**Work instruction**
The records below must be transcribed exactly, with each picture left out.
++++++++++
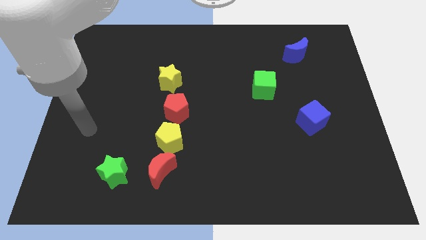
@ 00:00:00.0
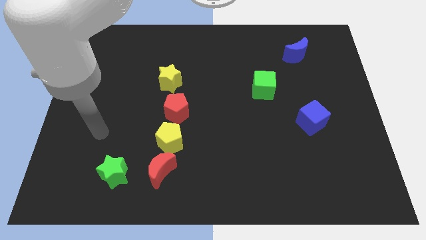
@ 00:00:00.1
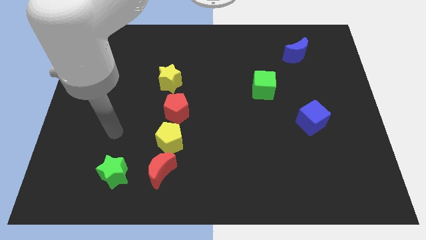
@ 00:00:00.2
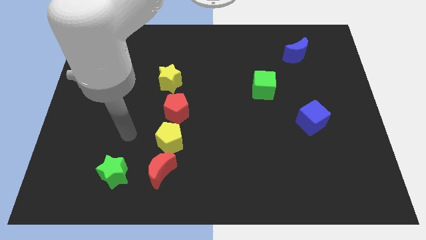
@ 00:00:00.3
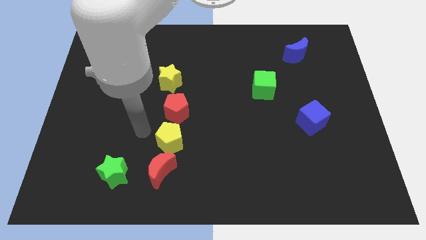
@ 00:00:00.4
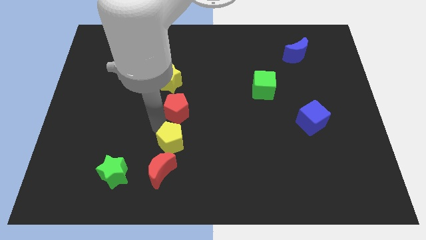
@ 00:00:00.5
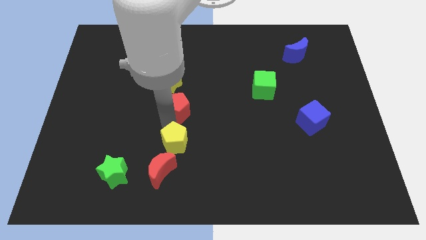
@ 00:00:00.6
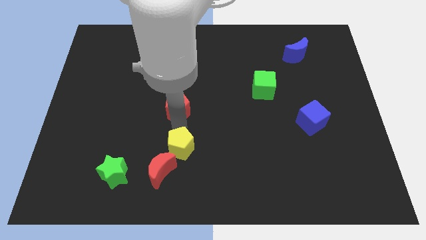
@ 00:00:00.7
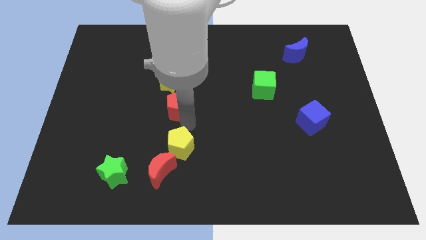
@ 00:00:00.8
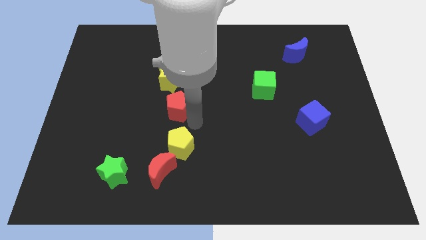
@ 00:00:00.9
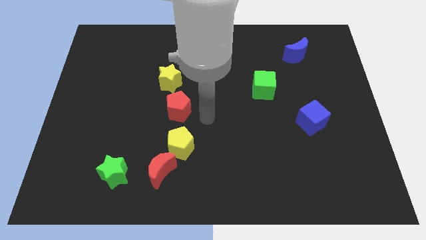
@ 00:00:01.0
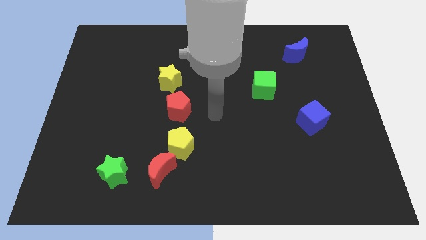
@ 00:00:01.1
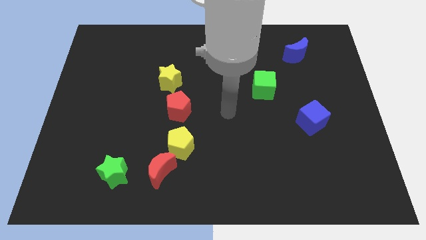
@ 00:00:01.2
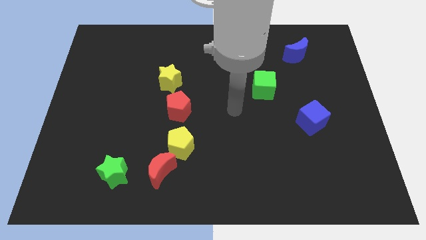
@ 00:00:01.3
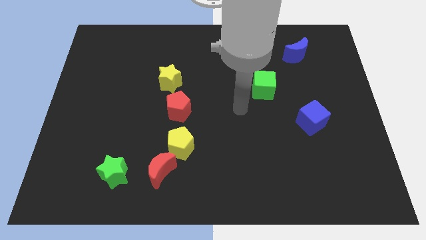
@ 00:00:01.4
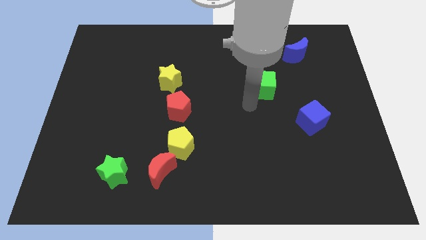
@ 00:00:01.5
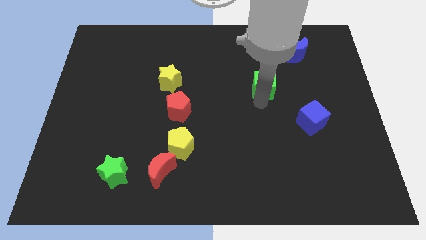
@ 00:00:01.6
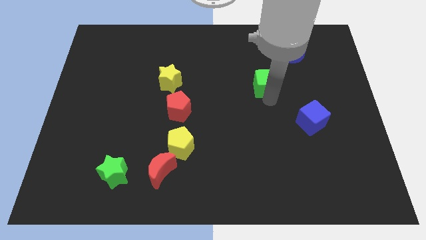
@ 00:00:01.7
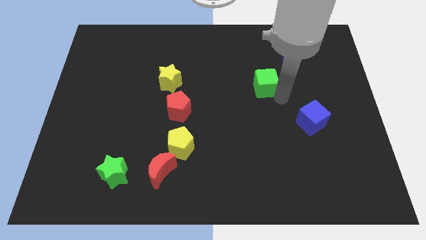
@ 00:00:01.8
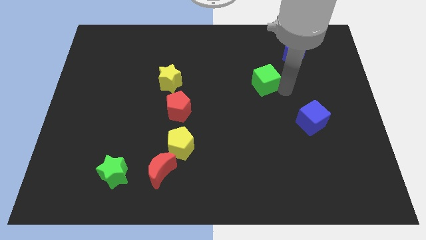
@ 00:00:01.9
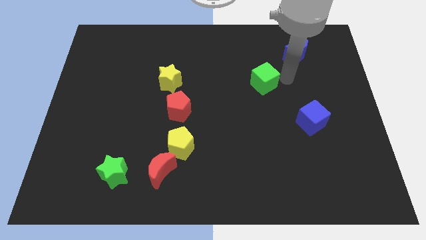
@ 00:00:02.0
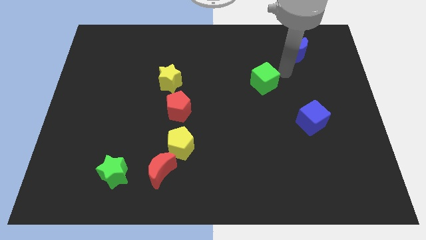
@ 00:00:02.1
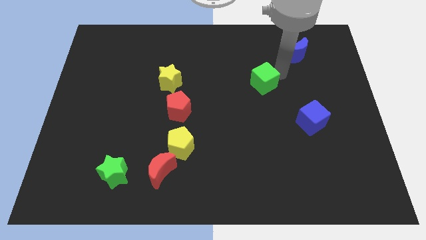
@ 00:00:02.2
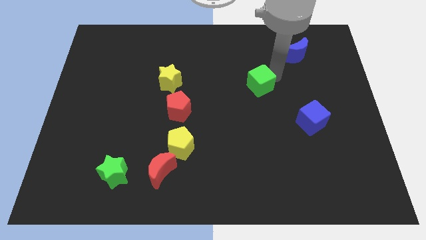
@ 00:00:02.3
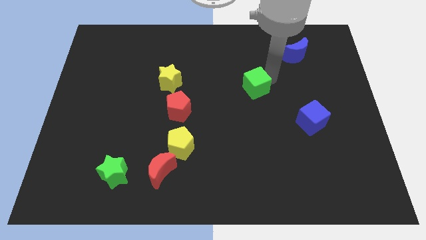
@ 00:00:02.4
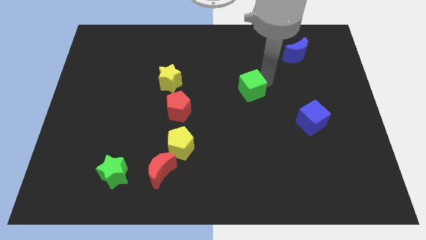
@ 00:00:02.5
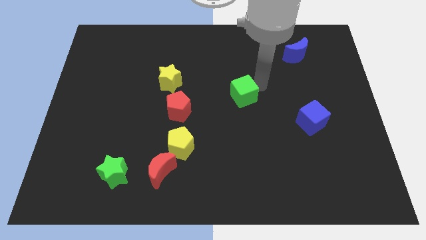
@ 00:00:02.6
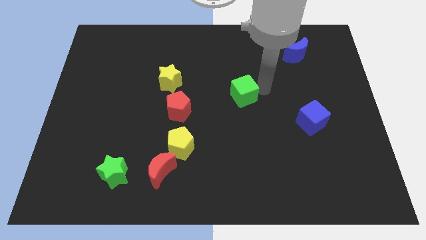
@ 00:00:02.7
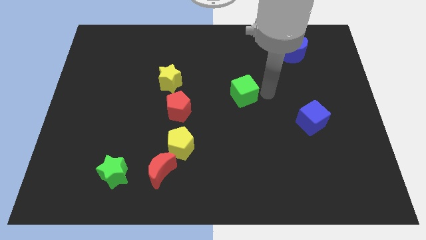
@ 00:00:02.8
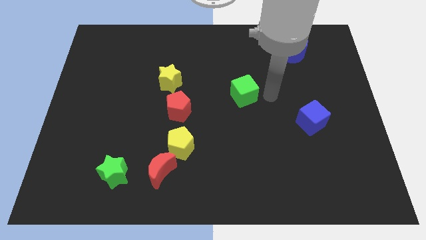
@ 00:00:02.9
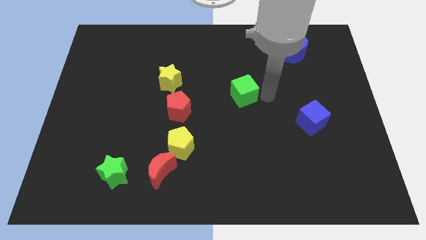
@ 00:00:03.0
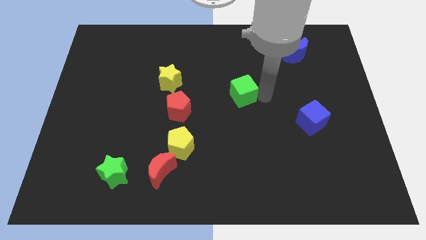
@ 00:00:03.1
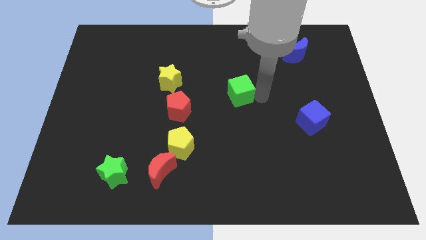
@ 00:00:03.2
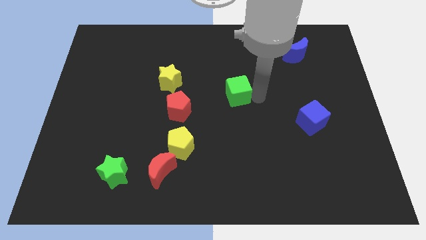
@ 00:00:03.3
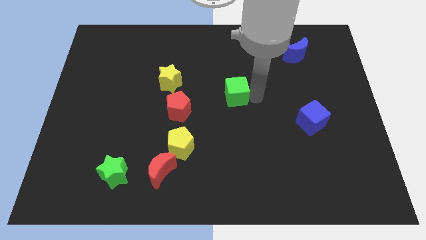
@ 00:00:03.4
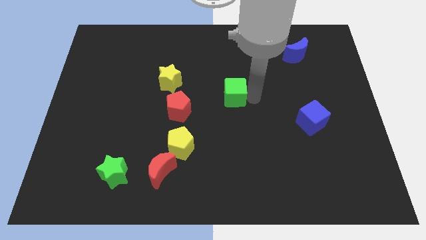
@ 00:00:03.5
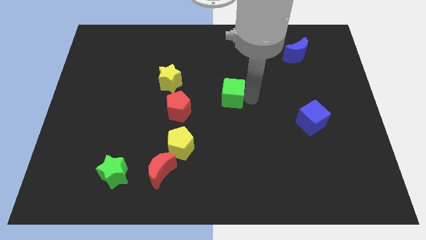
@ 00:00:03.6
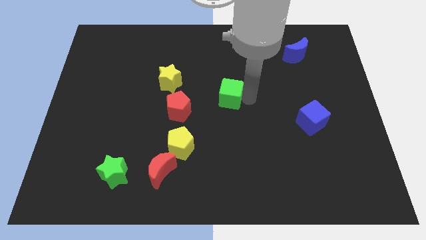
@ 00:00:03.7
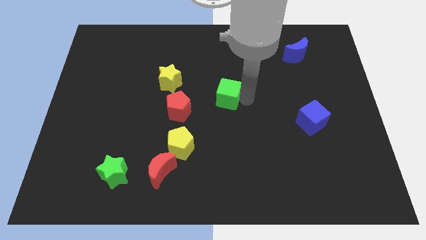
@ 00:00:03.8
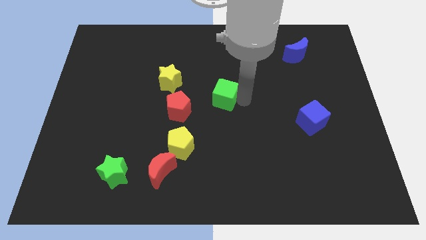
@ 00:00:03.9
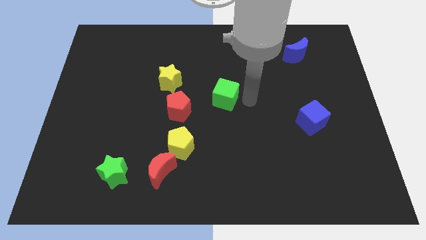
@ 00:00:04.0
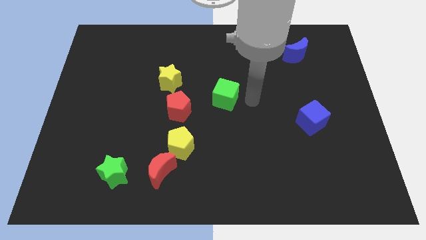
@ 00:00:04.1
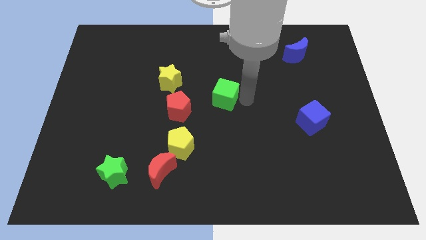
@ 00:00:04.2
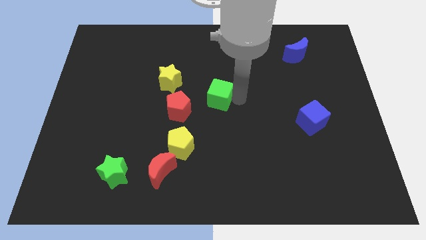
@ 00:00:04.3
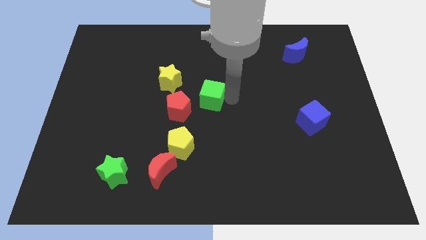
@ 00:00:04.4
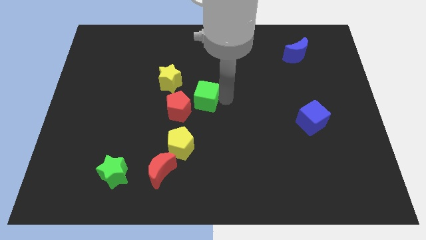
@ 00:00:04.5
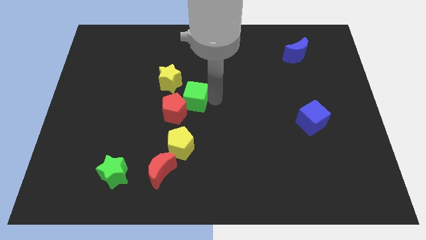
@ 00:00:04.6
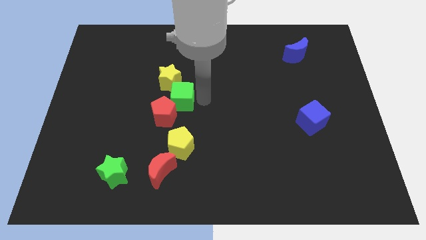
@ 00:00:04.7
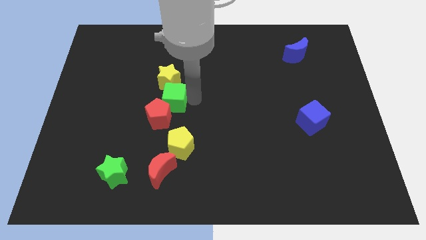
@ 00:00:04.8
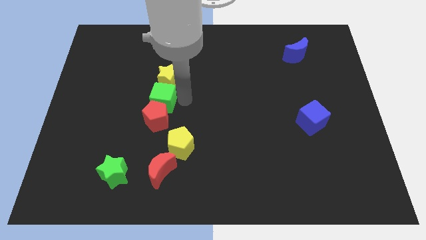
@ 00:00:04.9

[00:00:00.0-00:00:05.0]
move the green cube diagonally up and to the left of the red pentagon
++++++++++
**Reply**
@ 00:00:00.0
@ 00:00:00.1
@ 00:00:00.2
@ 00:00:00.3
@ 00:00:00.4
@ 00:00:00.5
@ 00:00:00.6
@ 00:00:00.7
@ 00:00:00.8
@ 00:00:00.9
@ 00:00:01.0
@ 00:00:01.1
@ 00:00:01.2
@ 00:00:01.3
@ 00:00:01.4
@ 00:00:01.5
@ 00:00:01.6
@ 00:00:01.7
@ 00:00:01.8
@ 00:00:01.9
@ 00:00:02.0
@ 00:00:02.1
@ 00:00:02.2
@ 00:00:02.3
@ 00:00:02.4
@ 00:00:02.5
@ 00:00:02.6
@ 00:00:02.7
@ 00:00:02.8
@ 00:00:02.9
@ 00:00:03.0
@ 00:00:03.1
@ 00:00:03.2
@ 00:00:03.3
@ 00:00:03.4
@ 00:00:03.5
@ 00:00:03.6
@ 00:00:03.7
@ 00:00:03.8
@ 00:00:03.9
@ 00:00:04.0
@ 00:00:04.1
@ 00:00:04.2
@ 00:00:04.3
@ 00:00:04.4
@ 00:00:04.5
@ 00:00:04.6
@ 00:00:04.7
@ 00:00:04.8
@ 00:00:04.9

[00:00:00.0-00:00:05.0]
move the green cube diagonally up and to the left of the red pentagon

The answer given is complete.